*** SOURCE RECORDS ***

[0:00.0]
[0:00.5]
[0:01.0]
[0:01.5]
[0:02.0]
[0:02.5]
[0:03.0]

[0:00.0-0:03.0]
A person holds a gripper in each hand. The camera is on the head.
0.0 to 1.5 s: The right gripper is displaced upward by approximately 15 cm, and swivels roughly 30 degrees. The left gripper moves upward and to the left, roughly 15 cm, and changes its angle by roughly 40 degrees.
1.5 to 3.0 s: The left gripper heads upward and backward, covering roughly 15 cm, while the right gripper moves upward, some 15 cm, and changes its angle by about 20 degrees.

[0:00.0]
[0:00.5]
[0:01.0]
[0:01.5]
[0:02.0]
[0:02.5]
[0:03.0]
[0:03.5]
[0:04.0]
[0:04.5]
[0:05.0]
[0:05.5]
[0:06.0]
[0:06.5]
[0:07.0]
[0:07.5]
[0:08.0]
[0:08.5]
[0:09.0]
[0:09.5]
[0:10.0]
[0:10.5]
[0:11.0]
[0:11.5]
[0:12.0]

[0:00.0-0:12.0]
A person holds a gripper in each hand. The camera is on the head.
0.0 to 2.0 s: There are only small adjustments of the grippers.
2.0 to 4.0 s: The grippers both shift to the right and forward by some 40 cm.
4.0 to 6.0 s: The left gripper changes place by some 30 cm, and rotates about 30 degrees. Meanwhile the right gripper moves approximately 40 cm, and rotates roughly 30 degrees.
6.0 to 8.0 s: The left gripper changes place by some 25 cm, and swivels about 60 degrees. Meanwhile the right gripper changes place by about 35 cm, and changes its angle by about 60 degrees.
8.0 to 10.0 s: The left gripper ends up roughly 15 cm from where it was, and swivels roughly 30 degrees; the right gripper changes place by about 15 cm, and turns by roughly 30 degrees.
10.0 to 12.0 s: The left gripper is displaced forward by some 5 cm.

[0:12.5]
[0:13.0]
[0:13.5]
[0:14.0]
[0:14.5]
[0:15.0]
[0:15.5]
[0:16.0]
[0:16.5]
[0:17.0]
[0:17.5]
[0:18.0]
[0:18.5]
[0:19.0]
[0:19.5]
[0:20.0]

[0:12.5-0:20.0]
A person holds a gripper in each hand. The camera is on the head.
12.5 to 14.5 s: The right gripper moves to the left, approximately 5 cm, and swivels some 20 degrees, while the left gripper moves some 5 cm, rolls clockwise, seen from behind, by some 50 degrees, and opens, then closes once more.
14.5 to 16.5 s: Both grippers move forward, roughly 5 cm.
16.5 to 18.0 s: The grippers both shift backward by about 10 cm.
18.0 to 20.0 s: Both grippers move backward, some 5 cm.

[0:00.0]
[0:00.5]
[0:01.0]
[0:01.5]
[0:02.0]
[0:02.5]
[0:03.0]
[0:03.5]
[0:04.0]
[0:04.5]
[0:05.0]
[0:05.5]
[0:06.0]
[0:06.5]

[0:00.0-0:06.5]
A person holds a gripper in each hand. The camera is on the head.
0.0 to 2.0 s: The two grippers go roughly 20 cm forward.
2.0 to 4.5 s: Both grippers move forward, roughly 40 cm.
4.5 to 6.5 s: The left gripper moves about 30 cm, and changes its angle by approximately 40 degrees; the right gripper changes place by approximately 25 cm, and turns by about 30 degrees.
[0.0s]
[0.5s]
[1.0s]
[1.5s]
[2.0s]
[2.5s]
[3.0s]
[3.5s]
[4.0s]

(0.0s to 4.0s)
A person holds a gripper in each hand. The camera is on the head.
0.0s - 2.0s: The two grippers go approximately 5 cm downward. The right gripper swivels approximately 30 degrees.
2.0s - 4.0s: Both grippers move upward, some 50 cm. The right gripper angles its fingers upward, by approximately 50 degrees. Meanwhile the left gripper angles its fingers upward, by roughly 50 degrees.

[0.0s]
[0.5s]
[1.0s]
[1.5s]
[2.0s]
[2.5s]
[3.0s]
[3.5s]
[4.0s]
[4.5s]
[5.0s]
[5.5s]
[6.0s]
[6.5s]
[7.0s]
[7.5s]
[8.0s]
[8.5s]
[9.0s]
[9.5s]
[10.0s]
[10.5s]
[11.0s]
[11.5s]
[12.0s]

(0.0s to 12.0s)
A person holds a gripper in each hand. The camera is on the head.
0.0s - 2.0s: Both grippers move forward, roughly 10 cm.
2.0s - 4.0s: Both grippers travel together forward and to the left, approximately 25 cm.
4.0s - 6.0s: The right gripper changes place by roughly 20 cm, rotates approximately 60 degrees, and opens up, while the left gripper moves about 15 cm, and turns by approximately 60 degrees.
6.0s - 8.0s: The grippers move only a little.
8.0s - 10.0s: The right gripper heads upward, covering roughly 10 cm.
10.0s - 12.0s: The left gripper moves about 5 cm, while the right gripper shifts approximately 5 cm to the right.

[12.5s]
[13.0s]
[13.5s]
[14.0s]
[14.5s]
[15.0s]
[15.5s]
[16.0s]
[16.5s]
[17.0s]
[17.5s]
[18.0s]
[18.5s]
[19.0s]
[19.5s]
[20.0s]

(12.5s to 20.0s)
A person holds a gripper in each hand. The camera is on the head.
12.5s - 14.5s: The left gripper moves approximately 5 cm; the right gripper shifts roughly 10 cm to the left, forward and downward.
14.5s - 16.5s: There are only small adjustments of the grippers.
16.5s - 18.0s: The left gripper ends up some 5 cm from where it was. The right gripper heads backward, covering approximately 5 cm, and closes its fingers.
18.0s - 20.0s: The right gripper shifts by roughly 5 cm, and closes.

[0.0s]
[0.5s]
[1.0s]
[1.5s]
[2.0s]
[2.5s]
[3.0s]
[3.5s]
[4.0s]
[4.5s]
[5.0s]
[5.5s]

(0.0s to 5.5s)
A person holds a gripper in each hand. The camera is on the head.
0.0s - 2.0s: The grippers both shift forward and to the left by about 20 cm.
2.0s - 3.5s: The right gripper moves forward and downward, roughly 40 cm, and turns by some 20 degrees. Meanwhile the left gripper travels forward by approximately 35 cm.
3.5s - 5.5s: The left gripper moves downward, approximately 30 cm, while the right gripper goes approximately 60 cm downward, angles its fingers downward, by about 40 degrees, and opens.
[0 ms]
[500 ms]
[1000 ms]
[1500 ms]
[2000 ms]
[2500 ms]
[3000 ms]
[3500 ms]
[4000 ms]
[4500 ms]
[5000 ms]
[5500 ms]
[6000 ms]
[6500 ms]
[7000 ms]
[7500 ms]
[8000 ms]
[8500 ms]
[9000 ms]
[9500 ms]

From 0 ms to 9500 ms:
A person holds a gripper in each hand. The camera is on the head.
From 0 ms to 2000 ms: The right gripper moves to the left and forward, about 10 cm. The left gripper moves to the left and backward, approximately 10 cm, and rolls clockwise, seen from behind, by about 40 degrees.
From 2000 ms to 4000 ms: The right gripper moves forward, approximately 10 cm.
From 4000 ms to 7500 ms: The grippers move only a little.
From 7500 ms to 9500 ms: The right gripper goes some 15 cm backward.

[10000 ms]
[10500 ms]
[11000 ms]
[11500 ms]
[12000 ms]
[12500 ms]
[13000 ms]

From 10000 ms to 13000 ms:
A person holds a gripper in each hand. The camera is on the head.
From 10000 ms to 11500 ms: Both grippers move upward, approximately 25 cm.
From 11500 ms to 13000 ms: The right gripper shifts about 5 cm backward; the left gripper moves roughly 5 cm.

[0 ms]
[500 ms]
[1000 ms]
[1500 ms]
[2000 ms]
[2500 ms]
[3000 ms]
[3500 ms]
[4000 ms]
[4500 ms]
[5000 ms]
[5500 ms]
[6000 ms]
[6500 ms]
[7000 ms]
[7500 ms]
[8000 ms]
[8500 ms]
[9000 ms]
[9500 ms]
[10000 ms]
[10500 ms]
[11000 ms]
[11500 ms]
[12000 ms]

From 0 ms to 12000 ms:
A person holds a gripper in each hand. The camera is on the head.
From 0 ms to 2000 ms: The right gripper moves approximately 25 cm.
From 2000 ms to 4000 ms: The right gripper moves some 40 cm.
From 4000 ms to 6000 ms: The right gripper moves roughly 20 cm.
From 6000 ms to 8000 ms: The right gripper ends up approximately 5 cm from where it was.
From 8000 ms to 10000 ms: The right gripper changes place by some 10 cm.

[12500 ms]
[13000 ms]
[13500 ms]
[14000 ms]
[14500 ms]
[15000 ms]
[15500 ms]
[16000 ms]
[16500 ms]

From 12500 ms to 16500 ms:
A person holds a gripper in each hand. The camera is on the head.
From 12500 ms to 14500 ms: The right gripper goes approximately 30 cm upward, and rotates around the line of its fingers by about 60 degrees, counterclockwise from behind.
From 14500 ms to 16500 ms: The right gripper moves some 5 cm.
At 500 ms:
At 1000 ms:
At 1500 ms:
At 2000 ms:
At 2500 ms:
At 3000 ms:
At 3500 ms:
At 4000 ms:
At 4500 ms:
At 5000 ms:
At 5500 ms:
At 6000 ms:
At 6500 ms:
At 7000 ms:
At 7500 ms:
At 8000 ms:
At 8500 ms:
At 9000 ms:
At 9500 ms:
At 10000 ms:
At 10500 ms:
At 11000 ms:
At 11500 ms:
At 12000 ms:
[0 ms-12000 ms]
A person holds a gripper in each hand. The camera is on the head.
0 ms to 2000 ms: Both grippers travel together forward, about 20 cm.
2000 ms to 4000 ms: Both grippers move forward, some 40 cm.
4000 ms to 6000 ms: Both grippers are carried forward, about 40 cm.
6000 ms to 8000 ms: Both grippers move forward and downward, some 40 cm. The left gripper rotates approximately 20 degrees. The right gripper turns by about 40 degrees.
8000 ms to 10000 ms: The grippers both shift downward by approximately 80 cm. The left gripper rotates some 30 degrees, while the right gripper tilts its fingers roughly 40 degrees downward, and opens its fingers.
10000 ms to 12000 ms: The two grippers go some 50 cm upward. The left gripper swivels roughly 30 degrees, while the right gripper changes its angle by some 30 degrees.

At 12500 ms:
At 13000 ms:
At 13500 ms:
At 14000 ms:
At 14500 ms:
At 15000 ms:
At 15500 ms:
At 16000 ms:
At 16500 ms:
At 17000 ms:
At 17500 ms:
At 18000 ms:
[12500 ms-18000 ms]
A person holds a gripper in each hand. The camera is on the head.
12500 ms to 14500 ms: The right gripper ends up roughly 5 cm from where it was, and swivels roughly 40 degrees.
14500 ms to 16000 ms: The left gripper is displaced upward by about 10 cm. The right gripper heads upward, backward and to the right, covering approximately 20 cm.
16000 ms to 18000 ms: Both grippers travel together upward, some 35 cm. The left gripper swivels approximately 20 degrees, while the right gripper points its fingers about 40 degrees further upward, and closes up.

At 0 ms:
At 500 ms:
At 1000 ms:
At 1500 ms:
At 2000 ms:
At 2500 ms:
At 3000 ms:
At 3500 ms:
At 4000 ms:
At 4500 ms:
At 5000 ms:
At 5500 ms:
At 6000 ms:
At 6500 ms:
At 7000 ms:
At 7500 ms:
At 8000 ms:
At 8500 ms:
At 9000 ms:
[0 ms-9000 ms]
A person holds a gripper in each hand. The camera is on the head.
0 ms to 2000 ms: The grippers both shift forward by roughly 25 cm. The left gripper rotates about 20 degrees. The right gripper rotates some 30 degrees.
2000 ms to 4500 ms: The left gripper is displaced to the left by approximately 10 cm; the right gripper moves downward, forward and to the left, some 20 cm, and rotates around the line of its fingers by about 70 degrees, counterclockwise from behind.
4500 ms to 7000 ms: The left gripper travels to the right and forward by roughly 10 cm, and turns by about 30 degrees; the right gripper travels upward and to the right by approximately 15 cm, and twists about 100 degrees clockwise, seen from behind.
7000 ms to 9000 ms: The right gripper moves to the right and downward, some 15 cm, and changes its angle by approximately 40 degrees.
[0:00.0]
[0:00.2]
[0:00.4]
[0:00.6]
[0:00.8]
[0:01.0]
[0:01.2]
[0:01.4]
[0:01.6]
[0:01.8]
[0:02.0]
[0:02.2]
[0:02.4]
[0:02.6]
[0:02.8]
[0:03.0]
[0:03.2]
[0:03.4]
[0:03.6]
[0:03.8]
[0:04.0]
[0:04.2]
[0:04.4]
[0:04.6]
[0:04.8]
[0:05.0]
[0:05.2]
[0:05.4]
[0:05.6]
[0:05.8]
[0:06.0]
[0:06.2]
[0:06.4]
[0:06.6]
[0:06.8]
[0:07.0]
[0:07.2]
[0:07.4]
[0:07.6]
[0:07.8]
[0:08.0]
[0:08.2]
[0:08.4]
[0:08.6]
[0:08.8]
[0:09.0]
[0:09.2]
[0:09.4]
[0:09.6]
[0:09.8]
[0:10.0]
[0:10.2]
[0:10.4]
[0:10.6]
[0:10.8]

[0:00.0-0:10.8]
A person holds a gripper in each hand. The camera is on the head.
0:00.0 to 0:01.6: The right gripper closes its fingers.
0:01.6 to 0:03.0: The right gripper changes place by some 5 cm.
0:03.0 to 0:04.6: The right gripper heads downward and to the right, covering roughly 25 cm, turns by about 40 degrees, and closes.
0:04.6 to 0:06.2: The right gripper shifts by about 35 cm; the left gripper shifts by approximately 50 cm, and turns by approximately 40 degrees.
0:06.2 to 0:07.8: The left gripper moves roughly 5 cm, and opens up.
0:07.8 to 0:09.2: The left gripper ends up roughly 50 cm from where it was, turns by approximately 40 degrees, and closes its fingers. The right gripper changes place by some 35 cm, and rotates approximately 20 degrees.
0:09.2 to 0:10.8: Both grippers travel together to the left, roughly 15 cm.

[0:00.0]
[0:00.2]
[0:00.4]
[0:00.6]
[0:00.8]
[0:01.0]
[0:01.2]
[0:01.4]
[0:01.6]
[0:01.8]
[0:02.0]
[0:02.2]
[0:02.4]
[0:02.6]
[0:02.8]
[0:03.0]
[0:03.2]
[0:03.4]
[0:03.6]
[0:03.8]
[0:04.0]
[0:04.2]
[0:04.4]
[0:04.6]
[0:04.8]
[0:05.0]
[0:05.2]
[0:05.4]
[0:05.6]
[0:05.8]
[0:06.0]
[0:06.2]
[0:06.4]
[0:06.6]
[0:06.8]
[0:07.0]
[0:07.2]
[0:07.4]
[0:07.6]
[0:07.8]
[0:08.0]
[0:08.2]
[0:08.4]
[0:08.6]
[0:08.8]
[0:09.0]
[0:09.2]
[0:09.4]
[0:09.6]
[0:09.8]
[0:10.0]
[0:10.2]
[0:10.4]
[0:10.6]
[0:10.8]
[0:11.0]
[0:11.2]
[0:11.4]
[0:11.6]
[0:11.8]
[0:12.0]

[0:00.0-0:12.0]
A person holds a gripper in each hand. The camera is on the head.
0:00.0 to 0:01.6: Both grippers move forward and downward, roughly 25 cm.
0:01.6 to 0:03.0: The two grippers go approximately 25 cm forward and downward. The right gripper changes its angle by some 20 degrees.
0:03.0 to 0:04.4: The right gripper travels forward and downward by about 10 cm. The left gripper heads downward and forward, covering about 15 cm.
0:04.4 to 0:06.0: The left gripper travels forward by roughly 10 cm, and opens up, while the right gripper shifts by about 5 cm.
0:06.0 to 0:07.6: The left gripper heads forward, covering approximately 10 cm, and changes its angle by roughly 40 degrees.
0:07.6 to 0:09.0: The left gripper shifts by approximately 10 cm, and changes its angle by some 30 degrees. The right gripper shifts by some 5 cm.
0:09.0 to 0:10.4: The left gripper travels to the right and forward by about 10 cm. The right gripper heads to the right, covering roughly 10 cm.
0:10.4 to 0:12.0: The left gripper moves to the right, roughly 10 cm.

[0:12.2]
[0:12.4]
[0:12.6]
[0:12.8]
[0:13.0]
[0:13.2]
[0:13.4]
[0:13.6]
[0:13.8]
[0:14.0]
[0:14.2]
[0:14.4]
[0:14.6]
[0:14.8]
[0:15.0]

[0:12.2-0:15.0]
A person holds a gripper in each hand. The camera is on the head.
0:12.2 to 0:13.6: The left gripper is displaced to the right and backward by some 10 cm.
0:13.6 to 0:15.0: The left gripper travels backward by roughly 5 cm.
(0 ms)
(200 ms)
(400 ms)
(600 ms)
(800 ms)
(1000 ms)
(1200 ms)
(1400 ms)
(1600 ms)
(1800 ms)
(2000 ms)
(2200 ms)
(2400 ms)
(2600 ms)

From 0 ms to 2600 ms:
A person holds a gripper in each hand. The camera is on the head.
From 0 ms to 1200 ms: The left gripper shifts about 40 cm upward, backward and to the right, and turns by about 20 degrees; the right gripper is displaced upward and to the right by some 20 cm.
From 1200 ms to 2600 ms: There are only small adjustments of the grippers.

***

WHAT THE TASK ASKS
The lines to extract from the data above begin with the line containing "[0:00.0-0:06.5]" and end with the line containing "(0.0s to 12.0s)". Extract them exactly, including both.

TASK RESPONSE
[0:00.0-0:06.5]
A person holds a gripper in each hand. The camera is on the head.
0.0 to 2.0 s: The two grippers go roughly 20 cm forward.
2.0 to 4.5 s: Both grippers move forward, roughly 40 cm.
4.5 to 6.5 s: The left gripper moves about 30 cm, and changes its angle by approximately 40 degrees; the right gripper changes place by approximately 25 cm, and turns by about 30 degrees.
[0.0s]
[0.5s]
[1.0s]
[1.5s]
[2.0s]
[2.5s]
[3.0s]
[3.5s]
[4.0s]

(0.0s to 4.0s)
A person holds a gripper in each hand. The camera is on the head.
0.0s - 2.0s: The two grippers go approximately 5 cm downward. The right gripper swivels approximately 30 degrees.
2.0s - 4.0s: Both grippers move upward, some 50 cm. The right gripper angles its fingers upward, by approximately 50 degrees. Meanwhile the left gripper angles its fingers upward, by roughly 50 degrees.

[0.0s]
[0.5s]
[1.0s]
[1.5s]
[2.0s]
[2.5s]
[3.0s]
[3.5s]
[4.0s]
[4.5s]
[5.0s]
[5.5s]
[6.0s]
[6.5s]
[7.0s]
[7.5s]
[8.0s]
[8.5s]
[9.0s]
[9.5s]
[10.0s]
[10.5s]
[11.0s]
[11.5s]
[12.0s]

(0.0s to 12.0s)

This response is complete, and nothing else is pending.